Chinese Word Segmentation as Character Tagging (Xue, IJCLCLP 2003)

It is a machine-learning model that uses labeled data to learn in a supervised manner. The training data is a text file in the same format used to train Part-of-Speech (POS) models, meaning that each ideogram/character is tagged with a label and the characters are separated by a delimiter.

We will use the following as training data to train a simple Korean Word Segmenter model (character and tag are separated by | and characters-tag are separated by white space):

우|LL 리|RR 모|LL 두|MM 는|RR 자|LL연|MM 어|MM 처|MM 리|MM 를|RR 좋|LL 아|MM 합|MM 니|MM 다|RR !|LR

Where the labels are:

LL: The beginning of the word
MM: Middle part of the word
RR: The end of the word
LR: A word formed of only one character

We will save this example in a text file:

with open("train_data.txt", "w", encoding="utf8") as f:
  f.write("우|LL 리|RR 모|LL 두|MM 는|RR 자|LL 연|MM 어|RR 처|LL 리|MM 를|RR 좋|LL 아|MM 합|MM 니|MM 다|RR !|LR ")

To read this kind of dataset, you can use the helper class POS available in the sparknlp.training module.

from sparknlp.training import POS


train_data = POS().readDataset(spark, "train_data.txt")
train_data.show()

+-----------------------------+--------------------+--------------------+
|                         text|            document|                tags|
+-----------------------------+--------------------+--------------------+
|우 리 모 두 는 자 연 어 처...|[{document, 0, 32...|[{pos, 0, 0, LL, ...|
+-----------------------------+--------------------+--------------------+

The POS class creates a spark data frame with the text, document, and tags columns.

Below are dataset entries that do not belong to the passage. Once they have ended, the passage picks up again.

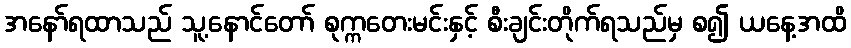
အနော်ရထာသည် သူ့နောင်တော် စုက္ကတေးမင်းနှင့် စီးချင်းတိုက်ရသည်မှ စ၍ ယနေ့အထိ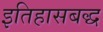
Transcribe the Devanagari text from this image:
इतिहासबद्ध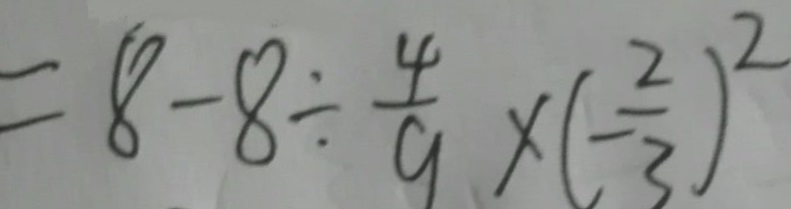
= 8 - 8 \div \frac { 4 } { 9 } \times ( - \frac { 2 } { 3 } ) ^ { 2 }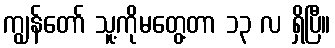
ကျွန်တော် သူ့ကိုမတွေ့တာ ၁၃ လ ရှိပြီ။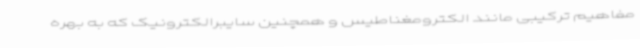
مفاهیم ترکیبی مانند الکترومغناطیس و همچنین سایبرالکترونیک که به بهره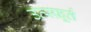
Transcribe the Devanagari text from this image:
उत्स्फ़ूर्त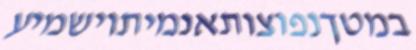
במטךנפוצותאנמיתוישמיע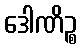
ဒေါဏိဉ္စ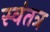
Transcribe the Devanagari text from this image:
स्‍वंतत्र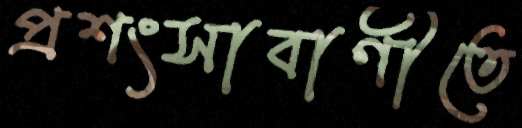
প্রশংসাবাণীতে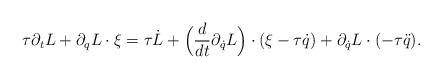
LaTeX: \begin{align*} \tau\partial_t L +\partial_q L\cdot \xi =\tau\dot L+ \Bigl(\frac{d}{dt}\partial_{\dot q} L\Bigr)\cdot(\xi-\tau \dot q)+ \partial_{\dot q} L\cdot(-\tau \ddot q).\end{align*}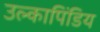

They contain, respectively, the raw text, the DOCUMENT annotation, and the POS annotation of the corpus. The WordSegmenterApproach needs information on these columns is to train the model, so we need to set them as the input and POS columns:

wordSegmenter = (
    WordSegmenterApproach()
    .setInputCols(["document"])
    .setOutputCol("token")
    .setPosColumn("tags")
    .setNIterations(10)
    .setFrequencyThreshold(1) # Since our data is very small
)

pipeline = Pipeline().setStages([documentAssembler, wordSegmenter])

Then, to train the model we fit it into the training data:

pipelineModel = pipeline.fit(train_data)

Done, we have our brand-new Word Segmenter model. Let’s see how to use it in practice. We will use the LightPipeline to make predictions directly on strings instead of using spark data frames. You can learn more about this class in this link and in this previous post.

lp = LightPipeline(pipelineModel)

lp.annotate("우리모두는자연어처리를좋아합니다!")

{
  "document": ["우리모두는자연어처리를좋아합니다!"],
  "token": ["우리", "모두는", "자연어", "처리를", "좋아합니다", "!"]
}

The results from Light Pipelines are a dictionary if only one string was passed or a list of dictionaries if a list of strings is used.

That’s it! Now you know how to train a new Word Segmenter model, as well as how to use a pretrained one!

Conclusion

In this post, you learned about word segmentation and how to perform this NLP task using pretrained models in Spark NLP. You also learned how to train a new model using labeled data and are ready to segment words in Chinese, Japanese, Korean, or Thai.